Author: Li, Yongqi
Title: Towards interactive information seeking : conversational question answering
Advisors: Li, Wenjie Maggie (COMP)
Degree: Ph.D.
Year: 2024
Subject: Question-answering systems
Intelligent agents (Computer software)
Natural language generation (Computer science)
Hong Kong Polytechnic University -- Dissertations
Department: Department of Computing
Pages: xvi, 185 pages : color illustrations
Language: English
Abstract: In recent years, the rise of machine learning techniques has accelerated the development of conversational agents. These conversational agents provide a natural and convenient way for people to chit-chat, complete well-specified tasks, and seek information in their daily lives. People often prefer to ask conversational questions when they have complex information needs or are of interest to certain broad topics. Although current personal assistant systems are capable of completing tasks and even conducting small talk, they cannot handle information-seeking conversations with complicated information needs that require multiple turns of interaction. It is, therefore, essential to endow conversational agents with the capability of answering conversational questions, which introduces a broad and new research area, namely conversational question answering (CoQA).

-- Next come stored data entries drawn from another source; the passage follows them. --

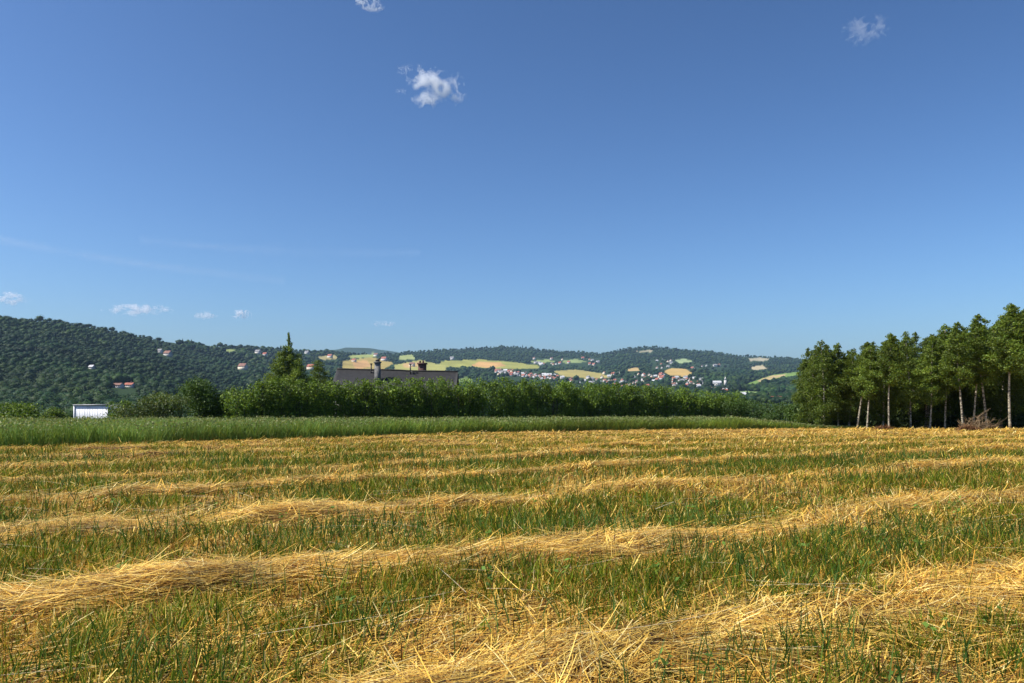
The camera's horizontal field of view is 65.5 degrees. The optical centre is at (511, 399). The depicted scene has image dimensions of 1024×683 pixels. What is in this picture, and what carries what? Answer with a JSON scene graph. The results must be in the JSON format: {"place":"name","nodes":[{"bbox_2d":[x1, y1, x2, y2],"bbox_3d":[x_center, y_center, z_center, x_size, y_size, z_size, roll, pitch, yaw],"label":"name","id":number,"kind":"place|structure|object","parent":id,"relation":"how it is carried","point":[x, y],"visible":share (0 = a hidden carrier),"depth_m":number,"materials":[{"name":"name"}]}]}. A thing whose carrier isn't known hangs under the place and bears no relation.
{"place":"outdoors","nodes":[
{"label":"outdoors","id":0,"kind":"place"},
{"bbox_2d":[0,292,26,304],"bbox_3d":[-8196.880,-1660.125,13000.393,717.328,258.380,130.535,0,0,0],"label":"cloud","id":1,"kind":"structure","parent":0,"point":[7,302],"depth_m":13002.80,"materials":[{"name":"white"}]},
{"bbox_2d":[100,303,173,316],"bbox_3d":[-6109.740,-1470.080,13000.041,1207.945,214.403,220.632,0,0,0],"label":"cloud","id":2,"kind":"structure","parent":0,"point":[146,308],"depth_m":13001.54,"materials":[{"name":"white"}]},
{"bbox_2d":[0,236,282,283],"bbox_3d":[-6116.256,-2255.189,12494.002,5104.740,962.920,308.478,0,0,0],"label":"cloud","id":3,"kind":"structure","parent":0,"point":[134,263],"depth_m":12500.72,"materials":[{"name":"white"}]},
{"bbox_2d":[196,311,213,319],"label":"cloud","id":4,"kind":"structure","parent":0,"point":[205,315],"depth_m":12997.22,"materials":[{"name":"white"}]},
{"bbox_2d":[232,310,251,317],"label":"cloud","id":5,"kind":"structure","parent":0,"point":[240,314],"depth_m":12992.71,"materials":[{"name":"white"}]},
{"bbox_2d":[140,234,416,257],"bbox_3d":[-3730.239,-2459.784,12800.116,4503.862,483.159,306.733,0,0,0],"label":"cloud","id":6,"kind":"structure","parent":0,"point":[252,245],"depth_m":12791.29,"materials":[{"name":"white"}]},
{"bbox_2d":[357,0,382,12],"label":"cloud","id":7,"kind":"structure","parent":0,"point":[367,6],"depth_m":3998.49,"materials":[{"name":"white"}]},
{"bbox_2d":[396,65,465,107],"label":"cloud","id":8,"kind":"structure","parent":0,"point":[435,86],"depth_m":3998.91,"materials":[{"name":"white"}]},
{"bbox_2d":[0,320,1022,682],"bbox_3d":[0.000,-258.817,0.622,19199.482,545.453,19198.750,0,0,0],"label":"ground","id":9,"kind":"structure","parent":0,"point":[368,358],"depth_m":2491.42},
{"bbox_2d":[0,401,51,420],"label":"shrub","id":10,"kind":"object","parent":9,"relation":"on","point":[10,409],"visible":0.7,"depth_m":63.36,"materials":[{"name":"green plant"}]},
{"bbox_2d":[41,406,72,419],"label":"shrub","id":11,"kind":"object","parent":9,"relation":"on","point":[53,412],"visible":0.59,"depth_m":71.52,"materials":[{"name":"green plant"}]},
{"bbox_2d":[73,404,123,419],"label":"shed","id":12,"kind":"structure","parent":9,"relation":"on","point":[90,410],"depth_m":68.01,"materials":[{"name":"white paint"}]},
{"bbox_2d":[103,400,131,418],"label":"shrub","id":13,"kind":"object","parent":9,"relation":"on","point":[112,402],"visible":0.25,"depth_m":65.83,"materials":[{"name":"green plant"}]},
{"bbox_2d":[113,383,124,387],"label":"farmhouse","id":14,"kind":"object","parent":9,"relation":"on","point":[118,385],"visible":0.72,"depth_m":822.17,"materials":[{"name":"white paint"}]},
{"bbox_2d":[125,381,135,387],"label":"farmhouse","id":15,"kind":"object","parent":9,"relation":"on","point":[131,384],"visible":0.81,"depth_m":841.82,"materials":[{"name":"white paint"}]},
{"bbox_2d":[103,390,194,419],"bbox_3d":[-28.479,0.816,63.035,6.378,3.263,5.598,0,0,0],"label":"shrub","id":16,"kind":"object","parent":9,"relation":"on","point":[162,405],"visible":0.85,"depth_m":62.31,"materials":[{"name":"green plant"}]},
{"bbox_2d":[0,315,327,419],"bbox_3d":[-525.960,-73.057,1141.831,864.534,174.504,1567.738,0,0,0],"label":"forest","id":17,"kind":"object","parent":9,"relation":"on","point":[64,381],"visible":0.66,"depth_m":1011.89,"materials":[{"name":"green plant"}]},
{"bbox_2d":[163,351,172,356],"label":"village house","id":18,"kind":"structure","parent":9,"relation":"on","point":[168,353],"depth_m":1491.33,"materials":[{"name":"grey paint"}]},
{"bbox_2d":[174,376,230,419],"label":"shrub","id":19,"kind":"object","parent":9,"relation":"on","point":[202,400],"visible":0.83,"depth_m":66.97,"materials":[{"name":"green plant"}]},
{"bbox_2d":[207,388,253,418],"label":"shrub","id":20,"kind":"object","parent":9,"relation":"on","point":[217,401],"visible":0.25,"depth_m":67.83,"materials":[{"name":"green plant"}]},
{"bbox_2d":[238,363,248,369],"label":"village house","id":21,"kind":"structure","parent":9,"relation":"on","point":[243,366],"depth_m":1557.77,"materials":[{"name":"beige paint"}]},
{"bbox_2d":[260,332,329,412],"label":"larch tree","id":22,"kind":"object","parent":9,"relation":"on","point":[284,370],"visible":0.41,"depth_m":91.40,"materials":[{"name":"green plant"}]},
{"bbox_2d":[306,364,313,369],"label":"village house","id":23,"kind":"structure","parent":9,"relation":"on","point":[308,367],"depth_m":2035.93,"materials":[{"name":"beige paint"}]},
{"bbox_2d":[309,360,332,413],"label":"bushy tree","id":24,"kind":"object","parent":9,"relation":"on","point":[317,376],"visible":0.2,"depth_m":94.47,"materials":[{"name":"green plant"}]},
{"bbox_2d":[333,358,459,416],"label":"house","id":25,"kind":"structure","parent":9,"relation":"on","point":[352,374],"depth_m":87.11,"materials":[{"name":"stone"}]},
{"bbox_2d":[0,415,878,447],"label":"oat crop","id":26,"kind":"object","parent":9,"relation":"on","point":[44,431],"visible":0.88,"depth_m":38.06,"materials":[{"name":"green plant"}]},
{"bbox_2d":[220,375,749,419],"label":"hedge","id":27,"kind":"object","parent":9,"relation":"on","point":[567,404],"visible":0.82,"depth_m":74.70,"materials":[{"name":"green plant"}]},
{"bbox_2d":[175,339,799,403],"bbox_3d":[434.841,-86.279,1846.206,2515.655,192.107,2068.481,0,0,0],"label":"forest","id":28,"kind":"object","parent":9,"relation":"on","point":[782,387],"visible":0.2,"depth_m":1950.90,"materials":[{"name":"green plant"}]},
{"bbox_2d":[0,491,1006,682],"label":"weeds","id":29,"kind":"object","parent":9,"relation":"on","point":[925,624],"visible":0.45,"depth_m":6.84,"materials":[{"name":"green plant"}]},
{"bbox_2d":[1,427,1017,454],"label":"straw swath","id":30,"kind":"object","parent":9,"relation":"on","point":[89,447],"visible":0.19,"depth_m":31.39,"materials":[{"name":"yellow plant"}]},
{"bbox_2d":[0,426,1023,682],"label":"loose straw","id":31,"kind":"object","parent":9,"relation":"on","point":[472,610],"visible":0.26,"depth_m":6.45,"materials":[{"name":"yellow plant"}]},
{"bbox_2d":[0,468,1023,682],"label":"straw swath","id":32,"kind":"object","parent":9,"relation":"on","point":[176,576],"visible":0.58,"depth_m":6.98,"materials":[{"name":"beige plant"}]},
{"bbox_2d":[0,452,1023,568],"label":"straw swath","id":33,"kind":"object","parent":9,"relation":"on","point":[304,507],"visible":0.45,"depth_m":11.00,"materials":[{"name":"yellow plant"}]},
{"bbox_2d":[0,440,1023,518],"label":"straw swath","id":34,"kind":"object","parent":9,"relation":"on","point":[136,488],"visible":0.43,"depth_m":14.88,"materials":[{"name":"yellow plant"}]},
{"bbox_2d":[0,436,1023,490],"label":"straw swath","id":35,"kind":"object","parent":9,"relation":"on","point":[582,451],"visible":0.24,"depth_m":20.92,"materials":[{"name":"yellow plant"}]},
{"bbox_2d":[0,431,1023,469],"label":"straw swath","id":36,"kind":"object","parent":9,"relation":"on","point":[602,444],"visible":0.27,"depth_m":24.43,"materials":[{"name":"yellow plant"}]},
{"bbox_2d":[1,427,1022,460],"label":"straw swath","id":37,"kind":"object","parent":9,"relation":"on","point":[656,438],"visible":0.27,"depth_m":28.00,"materials":[{"name":"yellow plant"}]},
{"bbox_2d":[158,427,872,445],"bbox_3d":[6.271,1.812,41.892,46.561,0.759,6.074,0,0,-32],"label":"straw swath","id":38,"kind":"object","parent":9,"relation":"on","point":[669,432],"visible":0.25,"depth_m":38.89,"materials":[{"name":"yellow plant"}]},
{"bbox_2d":[104,511,1023,682],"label":"straw swath","id":39,"kind":"object","parent":9,"relation":"on","point":[575,662],"visible":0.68,"depth_m":4.98,"materials":[{"name":"beige plant"}]},
{"bbox_2d":[302,345,856,373],"bbox_3d":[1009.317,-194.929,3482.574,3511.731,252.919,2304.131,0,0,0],"label":"forest","id":40,"kind":"object","parent":9,"relation":"on","point":[776,368],"visible":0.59,"depth_m":3659.70,"materials":[{"name":"green plant"}]},
{"bbox_2d":[436,427,787,434],"bbox_3d":[7.304,1.912,46.870,26.592,0.619,6.042,0,0,-30],"label":"straw swath","id":41,"kind":"object","parent":9,"relation":"on","point":[611,431],"visible":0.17,"depth_m":45.40,"materials":[{"name":"yellow plant"}]},
{"bbox_2d":[712,377,726,385],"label":"church","id":42,"kind":"structure","parent":9,"relation":"on","point":[717,383],"depth_m":1825.14,"materials":[{"name":"white paint"}]},
{"bbox_2d":[719,396,755,417],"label":"shrub","id":43,"kind":"object","parent":9,"relation":"on","point":[737,408],"visible":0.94,"depth_m":85.37,"materials":[{"name":"green plant"}]},
{"bbox_2d":[743,399,768,419],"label":"shrub","id":44,"kind":"object","parent":9,"relation":"on","point":[754,414],"visible":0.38,"depth_m":91.31,"materials":[{"name":"green plant"}]},
{"bbox_2d":[757,400,792,420],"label":"shrub","id":45,"kind":"object","parent":9,"relation":"on","point":[777,413],"visible":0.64,"depth_m":81.56,"materials":[{"name":"green plant"}]},
{"bbox_2d":[783,402,800,422],"bbox_3d":[22.805,1.024,64.045,1.964,2.835,2.124,0,0,24],"label":"shrub","id":46,"kind":"object","parent":9,"relation":"on","point":[791,411],"visible":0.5,"depth_m":63.95,"materials":[{"name":"green plant"}]},
{"bbox_2d":[791,358,808,405],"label":"birch tree","id":47,"kind":"object","parent":9,"relation":"on","point":[801,368],"visible":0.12,"depth_m":61.85,"materials":[{"name":"green plant"}]},
{"bbox_2d":[789,347,813,403],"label":"birch tree","id":48,"kind":"object","parent":9,"relation":"on","point":[794,380],"visible":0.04,"depth_m":65.64,"materials":[{"name":"green plant"}]},
{"bbox_2d":[796,356,811,407],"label":"birch tree","id":49,"kind":"object","parent":9,"relation":"on","point":[806,365],"visible":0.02,"depth_m":61.63,"materials":[{"name":"green plant"}]},
{"bbox_2d":[791,346,832,423],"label":"birch tree","id":50,"kind":"object","parent":9,"relation":"on","point":[799,394],"visible":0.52,"depth_m":58.29,"materials":[{"name":"green plant"}]},
{"bbox_2d":[813,345,832,362],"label":"birch tree","id":51,"kind":"object","parent":9,"relation":"on","point":[828,349],"visible":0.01,"depth_m":63.49,"materials":[{"name":"green plant"}]},
{"bbox_2d":[805,350,841,420],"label":"birch tree","id":52,"kind":"object","parent":9,"relation":"on","point":[822,386],"visible":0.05,"depth_m":58.42,"materials":[{"name":"green plant"}]},
{"bbox_2d":[801,340,846,425],"bbox_3d":[22.146,-1.083,56.691,2.652,6.511,3.227,0,0,-3],"label":"birch tree","id":53,"kind":"object","parent":9,"relation":"on","point":[827,403],"visible":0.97,"depth_m":56.48,"materials":[{"name":"green plant"}]},
{"bbox_2d":[821,343,854,425],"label":"birch tree","id":54,"kind":"object","parent":9,"relation":"on","point":[840,361],"visible":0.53,"depth_m":57.02,"materials":[{"name":"green plant"}]},
{"bbox_2d":[835,350,865,422],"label":"birch tree","id":55,"kind":"object","parent":9,"relation":"on","point":[847,352],"visible":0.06,"depth_m":62.37,"materials":[{"name":"green plant"}]},
{"bbox_2d":[833,348,870,425],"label":"birch tree","id":56,"kind":"object","parent":9,"relation":"on","point":[852,414],"visible":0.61,"depth_m":56.69,"materials":[{"name":"green plant"}]},
{"bbox_2d":[848,342,880,427],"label":"birch tree","id":57,"kind":"object","parent":9,"relation":"on","point":[862,348],"visible":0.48,"depth_m":55.93,"materials":[{"name":"green plant"}]},
{"bbox_2d":[852,345,886,427],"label":"birch tree","id":58,"kind":"object","parent":9,"relation":"on","point":[870,361],"visible":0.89,"depth_m":54.96,"materials":[{"name":"green plant"}]},
{"bbox_2d":[871,341,879,423],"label":"birch tree","id":59,"kind":"object","parent":9,"relation":"on","point":[875,346],"visible":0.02,"depth_m":64.20,"materials":[{"name":"green plant"}]},
{"bbox_2d":[858,340,906,425],"bbox_3d":[26.731,-1.066,57.308,3.190,6.525,3.352,0,0,33],"label":"birch tree","id":60,"kind":"object","parent":9,"relation":"on","point":[880,407],"visible":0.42,"depth_m":56.61,"materials":[{"name":"green plant"}]},
{"bbox_2d":[872,424,893,429],"bbox_3d":[24.073,1.918,51.478,1.905,0.828,1.470,0,0,0],"label":"straw heap","id":61,"kind":"object","parent":9,"relation":"on","point":[885,427],"visible":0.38,"depth_m":51.38,"materials":[{"name":"brown plant"}]},
{"bbox_2d":[871,333,906,425],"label":"birch tree","id":62,"kind":"object","parent":9,"relation":"on","point":[892,369],"visible":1,"depth_m":54.06,"materials":[{"name":"green plant"}]},
{"bbox_2d":[890,331,925,427],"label":"birch tree","id":63,"kind":"object","parent":9,"relation":"on","point":[909,363],"visible":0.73,"depth_m":56.28,"materials":[{"name":"green plant"}]},
{"bbox_2d":[896,343,924,422],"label":"birch tree","id":64,"kind":"object","parent":9,"relation":"on","point":[904,395],"visible":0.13,"depth_m":59.36,"materials":[{"name":"green plant"}]},
{"bbox_2d":[800,388,1023,428],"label":"undergrowth","id":65,"kind":"object","parent":9,"relation":"on","point":[954,423],"visible":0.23,"depth_m":58.76,"materials":[{"name":"green plant"}]},
{"bbox_2d":[907,332,924,424],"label":"birch tree","id":66,"kind":"object","parent":9,"relation":"on","point":[915,338],"visible":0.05,"depth_m":61.45,"materials":[{"name":"green plant"}]},
{"bbox_2d":[903,334,955,427],"bbox_3d":[30.350,-1.296,58.099,3.266,7.023,3.975,0,0,-32],"label":"birch tree","id":67,"kind":"object","parent":9,"relation":"on","point":[936,412],"visible":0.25,"depth_m":57.77,"materials":[{"name":"green plant"}]},
{"bbox_2d":[904,334,957,427],"bbox_3d":[30.594,-1.313,57.905,2.742,7.050,3.184,0,0,-30],"label":"birch tree","id":68,"kind":"object","parent":9,"relation":"on","point":[925,375],"visible":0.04,"depth_m":58.14,"materials":[{"name":"green plant"}]},
{"bbox_2d":[915,337,947,427],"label":"birch tree","id":69,"kind":"object","parent":9,"relation":"on","point":[920,349],"visible":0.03,"depth_m":60.73,"materials":[{"name":"green plant"}]},
{"bbox_2d":[912,336,951,428],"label":"birch tree","id":70,"kind":"object","parent":9,"relation":"on","point":[931,356],"visible":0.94,"depth_m":55.22,"materials":[{"name":"green plant"}]},
{"bbox_2d":[920,324,963,427],"bbox_3d":[30.621,-1.625,56.427,3.092,7.618,3.116,0,0,6],"label":"birch tree","id":71,"kind":"object","parent":9,"relation":"on","point":[942,335],"visible":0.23,"depth_m":56.22,"materials":[{"name":"green plant"}]},
{"bbox_2d":[864,549,1021,600],"bbox_3d":[5.273,1.571,6.874,4.895,0.441,3.307,0,0,0],"label":"straw swath","id":72,"kind":"object","parent":9,"relation":"on","point":[928,572],"visible":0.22,"depth_m":6.77,"materials":[{"name":"beige plant"}]},
{"bbox_2d":[940,336,963,426],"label":"birch tree","id":73,"kind":"object","parent":9,"relation":"on","point":[955,398],"visible":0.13,"depth_m":58.88,"materials":[{"name":"green plant"}]},
{"bbox_2d":[938,322,977,425],"bbox_3d":[30.140,-1.589,53.842,2.462,7.462,2.646,0,0,35],"label":"birch tree","id":74,"kind":"object","parent":9,"relation":"on","point":[948,361],"visible":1,"depth_m":53.60,"materials":[{"name":"green plant"}]},
{"bbox_2d":[948,331,976,414],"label":"birch tree","id":75,"kind":"object","parent":9,"relation":"on","point":[967,390],"visible":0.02,"depth_m":61.68,"materials":[{"name":"green plant"}]},
{"bbox_2d":[955,423,981,431],"bbox_3d":[27.775,1.818,48.490,1.989,0.945,1.521,0,0,0],"label":"straw heap","id":76,"kind":"object","parent":9,"relation":"on","point":[969,427],"visible":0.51,"depth_m":48.34,"materials":[{"name":"plant"}]},
{"bbox_2d":[951,328,1007,424],"bbox_3d":[34.683,-1.754,58.903,4.308,7.949,4.214,0,0,-18],"label":"birch tree","id":77,"kind":"object","parent":9,"relation":"on","point":[970,389],"visible":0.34,"depth_m":58.34,"materials":[{"name":"green plant"}]},
{"bbox_2d":[958,314,1002,425],"bbox_3d":[32.122,-1.892,54.756,2.910,8.100,2.708,0,0,-42],"label":"birch tree","id":78,"kind":"object","parent":9,"relation":"on","point":[979,337],"visible":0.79,"depth_m":54.39,"materials":[{"name":"green plant"}]},
{"bbox_2d":[958,409,1004,429],"bbox_3d":[30.096,1.301,51.429,3.470,1.552,2.333,0,0,0],"label":"brush pile","id":79,"kind":"object","parent":9,"relation":"on","point":[977,424],"visible":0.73,"depth_m":51.42,"materials":[{"name":"brown wood"}]},
{"bbox_2d":[970,330,998,421],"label":"birch tree","id":80,"kind":"object","parent":9,"relation":"on","point":[976,358],"visible":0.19,"depth_m":55.47,"materials":[{"name":"green plant"}]},
{"bbox_2d":[972,325,1023,424],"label":"birch tree","id":81,"kind":"object","parent":9,"relation":"on","point":[992,330],"visible":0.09,"depth_m":58.20,"materials":[{"name":"green plant"}]},
{"bbox_2d":[975,318,1023,427],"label":"spruce tree","id":82,"kind":"object","parent":9,"relation":"on","point":[1001,405],"visible":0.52,"depth_m":56.79,"materials":[{"name":"green plant"}]},
{"bbox_2d":[980,303,1023,427],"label":"birch tree","id":83,"kind":"object","parent":9,"relation":"on","point":[1012,354],"visible":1,"depth_m":52.76,"materials":[{"name":"green plant"}]},
{"bbox_2d":[987,320,1023,427],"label":"birch tree","id":84,"kind":"object","parent":9,"relation":"on","point":[1016,383],"visible":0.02,"depth_m":59.59,"materials":[{"name":"green plant"}]},
{"bbox_2d":[1010,309,1023,381],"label":"birch tree","id":85,"kind":"object","parent":9,"relation":"on","point":[1021,373],"visible":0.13,"depth_m":55.53,"materials":[{"name":"green plant"}]},
{"bbox_2d":[0,427,1023,682],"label":"grass","id":86,"kind":"structure","parent":0,"point":[636,581],"depth_m":8.06,"materials":[{"name":"green plant"}]},
{"bbox_2d":[0,0,1023,358],"label":"sky","id":87,"kind":"structure","parent":0,"point":[739,177],"materials":[{"name":"blue"}]},
{"bbox_2d":[842,17,887,42],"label":"cloud","id":88,"kind":"structure","parent":0,"point":[865,29],"depth_m":4300.72,"materials":[{"name":"white"}]}
]}

Given many advantages of CoQA, however, it has proven to be significantly more challenging compared with traditional QA. Specifically, we identify three main research problems to be addressed in conversational QA, i.e., 1. How to explore the dynamic interaction of information content and communication intent for thorough conversation context modeling? 2. How to accurately identify users’ information needs within conversations and retrieve relevant documents from the web accordingly? 3. How to enrich the textual conversational QA with multimodal evidence, like images and tables, and effectively model the complex relations among multimodal items?
To address the aforementioned problems, we focus on developing effective conversational QA systems from the following three aspects: multiple conversation flow tracking, generative document retrieval, and multimodal knowledge enhancement. In accordance, the research works in this thesis are organized into three parts.
In the first part (work 1 and 2), we investigate research problem 1, which is the core research problem of conversational QA. We innovatively model the intricate interactions among conversations into multiple conversation flows to enhance the question answering. In work 1, we delve into leveraging the conversation context to aid in locating answers in the current-turn. Due to the coherent nature of conversational questions, the corresponding answers tend to be related and organized within logically connected passages on the web. We claim this coherence among answers as answer flow and utilize it to improve the current-turn QA. In work 2, we take the concept of flow in conversational question answering to a new level. We introduce three distinct conversation flows, namely question flow, topic flow, and answer flow. These flows are proposed and utilized to enhance the current-turn Question-Answering (QA) process by considering multi-level information transitions.
The second part (work 3, 4, and 5) explores solutions for problem 2 with the aim of more effective passage retrieval in conversational QA. In this part, we explore a new retrieval paradigm, generative retrieval, and demonstrate its effectiveness in the conversational setting. In work 3, we first propose multiview identifiers enhanced generative retrieval framework, which unifies previous generative retrieval methods in one framework and achieves state-of-the-art performance. In work 4, we further enhance the proposed framework in work 3 by bridging it with the classical learning-to-rank paradigm. In work 5, we apply the previously proposed generative retrieval method to the conversational QA task and demonstrate the excellent superiority of generative retrieval in conversational QA.
The third part (work 6) delves into problem 3 and investigates the multimodal conversational QA problem. Previous conversational QA systems usually rely on one specific knowledge source, which overlooks the visual evidence and does not take the multimodal knowledge sources into account. In work 6, we hence define a novel research task, i.e., multimodal conversational question answering (MMCoQA), aiming to answer users’ questions with multimodal knowledge sources via multi-turn conversations. This new task brings a series of research challenges, including but not limited to priority, consistency, and complementarity of multimodal knowledge. To facilitate the data-driven approaches in this area, we construct the first multimodal conversational QA dataset, named MMConvQA, and introduce a multimodal conversational QA model.
In summary, we study the problem of conversational QA in a systematic way. We demonstrate the effectiveness of the proposed approaches on real-world datasets, which implies the potential of our works when applied in real-world scenarios.